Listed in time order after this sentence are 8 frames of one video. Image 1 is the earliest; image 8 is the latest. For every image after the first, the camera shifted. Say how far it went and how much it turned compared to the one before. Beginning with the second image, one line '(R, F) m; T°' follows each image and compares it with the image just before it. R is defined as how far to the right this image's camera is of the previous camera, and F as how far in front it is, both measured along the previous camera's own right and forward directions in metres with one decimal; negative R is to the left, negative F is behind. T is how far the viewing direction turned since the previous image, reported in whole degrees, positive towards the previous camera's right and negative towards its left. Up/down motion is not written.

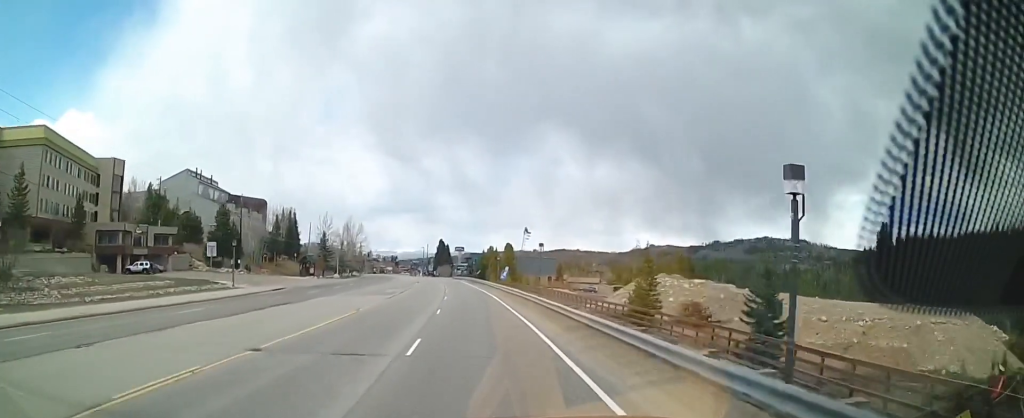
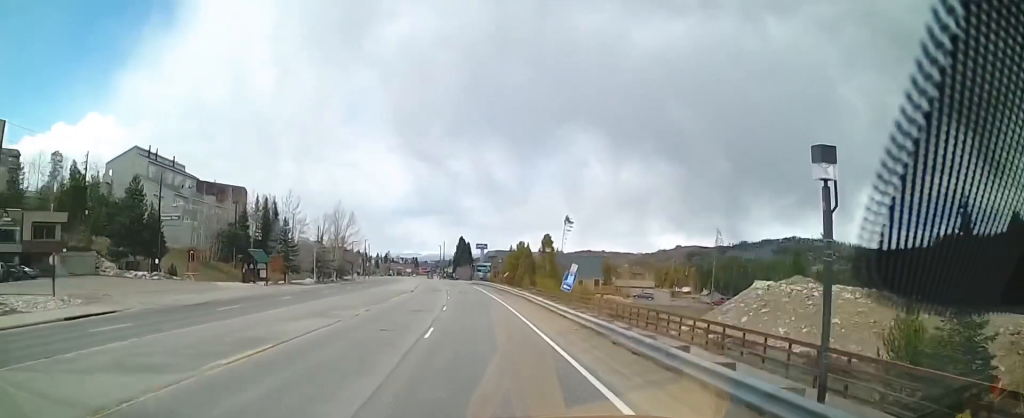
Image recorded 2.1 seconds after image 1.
(-1.0, +33.4) m; -4°
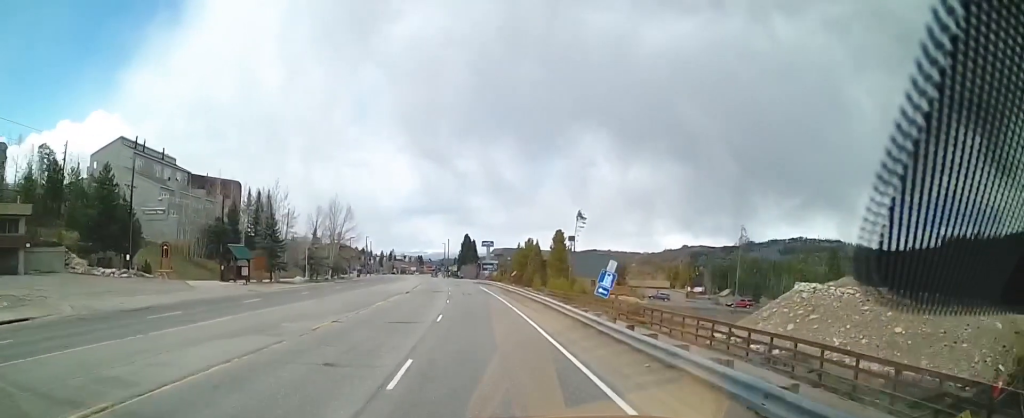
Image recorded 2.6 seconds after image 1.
(-0.2, +7.4) m; -1°
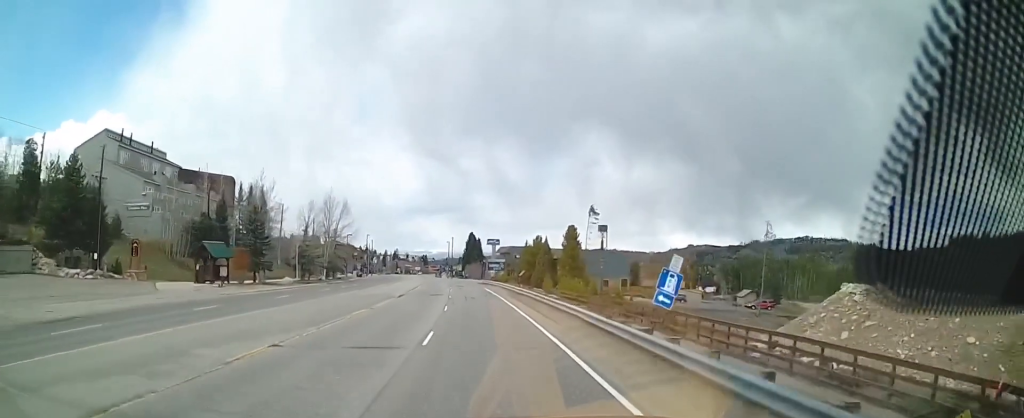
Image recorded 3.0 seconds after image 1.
(+0.1, +6.9) m; 0°
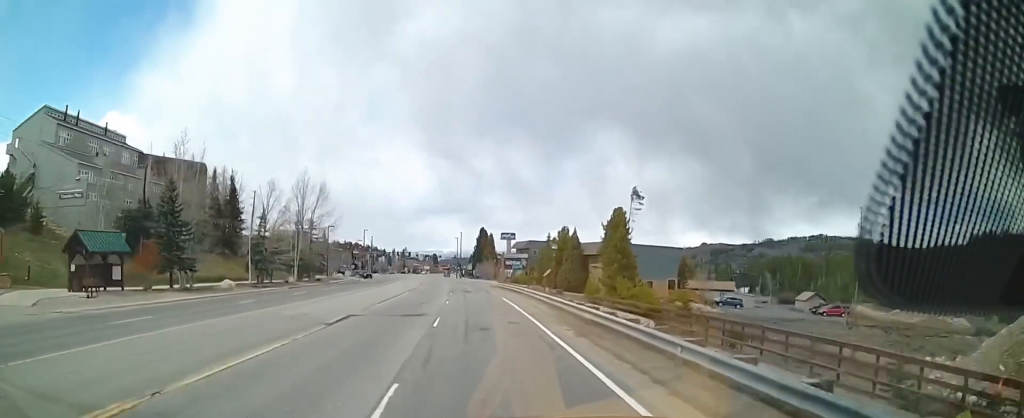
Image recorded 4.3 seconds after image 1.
(+0.1, +20.3) m; +1°
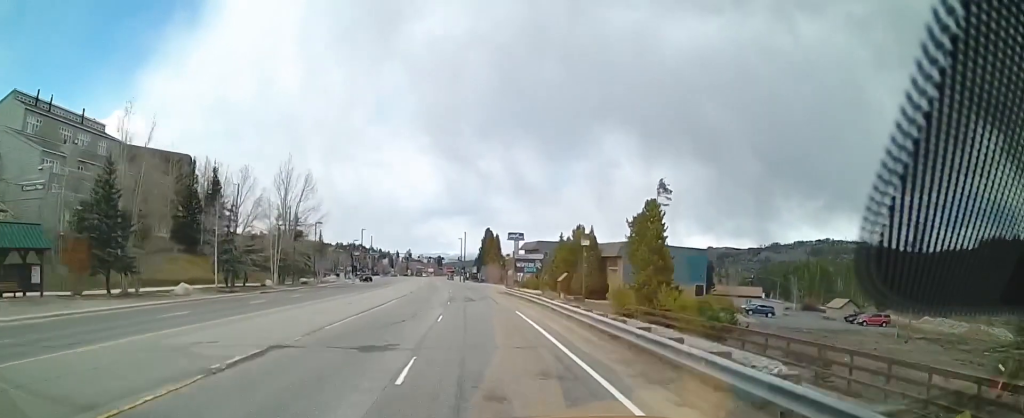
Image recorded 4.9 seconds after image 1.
(0.0, +9.1) m; 0°
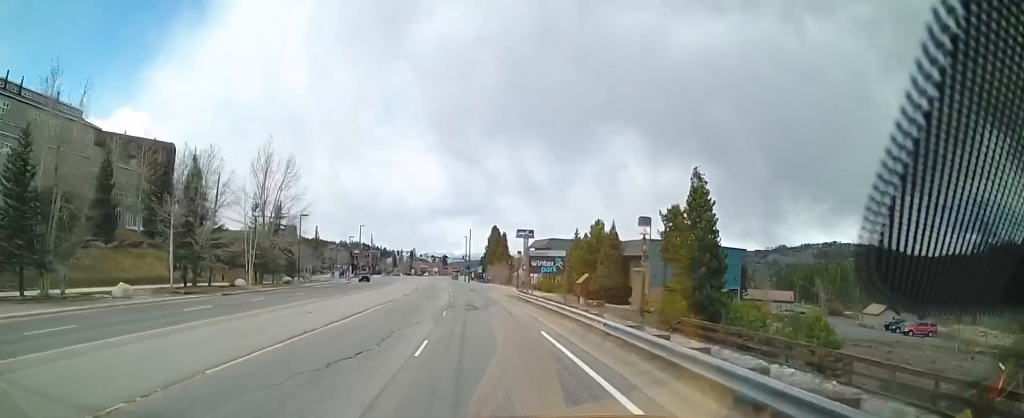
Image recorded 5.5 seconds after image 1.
(+0.1, +9.0) m; 0°
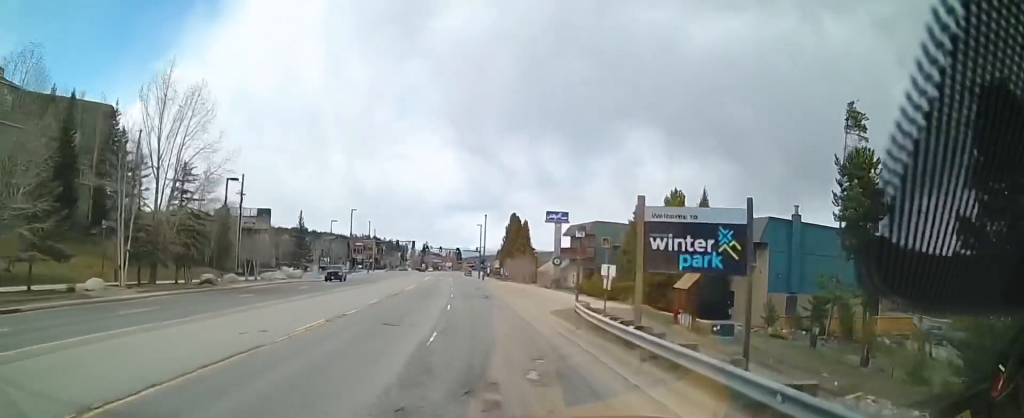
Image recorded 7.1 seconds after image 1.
(-0.3, +23.7) m; -2°

§ What to do: The expected output is the exact run of lines from the one containing "Image recorded 4.3 seconds after image 1." through the final line of the data above, both ends included, with no pictures.

§ Solution for this exercise:
Image recorded 4.3 seconds after image 1.
(+0.1, +20.3) m; +1°
Image recorded 4.9 seconds after image 1.
(0.0, +9.1) m; 0°
Image recorded 5.5 seconds after image 1.
(+0.1, +9.0) m; 0°
Image recorded 7.1 seconds after image 1.
(-0.3, +23.7) m; -2°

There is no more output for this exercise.